I looked at her, those silky blues eyes staring back at me as if to ask what she should do. I had no answer, simply taking the note and walking into my office before closing the door…
I’d spent the past year working to get in contact with Darrell, all my attempts falling short, and now it was too late. Too late to find some unknown tidbit of information from one of the most recognizable fantasy artists of the past thirty years.
When I did my infamous ‘Top 10 Fantasy Artists of the Past 100 Years’ article earlier this year, I didn’t include my personal Top 10 list, only the added and evaluated contributions of 50 industry experts. Darrell didn’t make their list [actually he didn’t get a single vote other than mine], which I thought was a huge travesty, but nonetheless he’d made mine prestigious list because I can’t readily remember fantasy literature without him.
It’s said that Darrell didn’t enjoy fantasy art, that he thought it somehow cheapened his craft. I can neither confirm or deny this fact, but I will say that there was absolutely nothing cheap about anything Darrell did in this wonderful genre.
His work is timeless, pure, bright, and has such a flair for depth and humor that I’ve always found it captivating in a way few other artists ever manage. There was also an innocence to his subject matter, and perhaps that harkened back to his days defining the 80s fantasy marketplace.
In that time books were more fun, more frivolous, more thoughtful, and I love that period so much more than the dark and gory swath of drivel that takes up so much of the shelves today at B&N. You can keep Abercrombie’s blood splatters and Martin’s incest and murder as well as Goodkind’s rape scenes and bondage. I’ll happily stay in the naiveté and dashing wit of Anthony’s Xanth, L.E. Modesitt’s Recluse, Stasheff’s Rhyme, and Watt Evans’s Ethshar which are all depicted in the wonder of Sweet’s brilliant brush.

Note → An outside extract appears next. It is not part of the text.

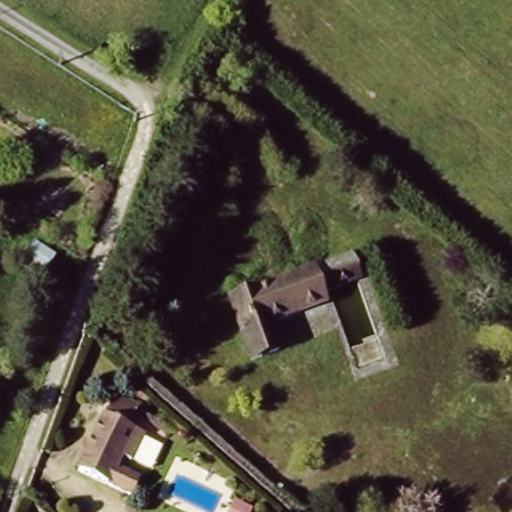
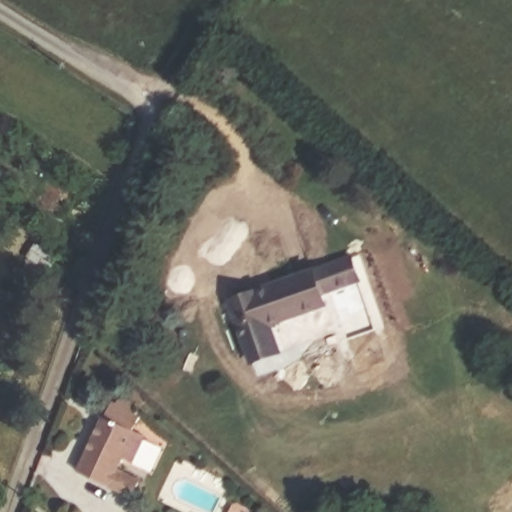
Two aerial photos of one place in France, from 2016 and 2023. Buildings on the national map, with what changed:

I came of age in those days, both as a young man and as a reader, and I have to thank Darrell for providing a looking glass into the worlds I would visit. His rendition of J.R.R. Tolkien’s Hobbit and Lord of the Rings in the Silver Jubilee Edition still holds a place on the shelf next to my desk as the gateway to Middle-Earth for me. His cover’s inspired my reading of Tolkien’s epic and he’s one of only two artists that I will permanently recognize as the true visionaries to that universe.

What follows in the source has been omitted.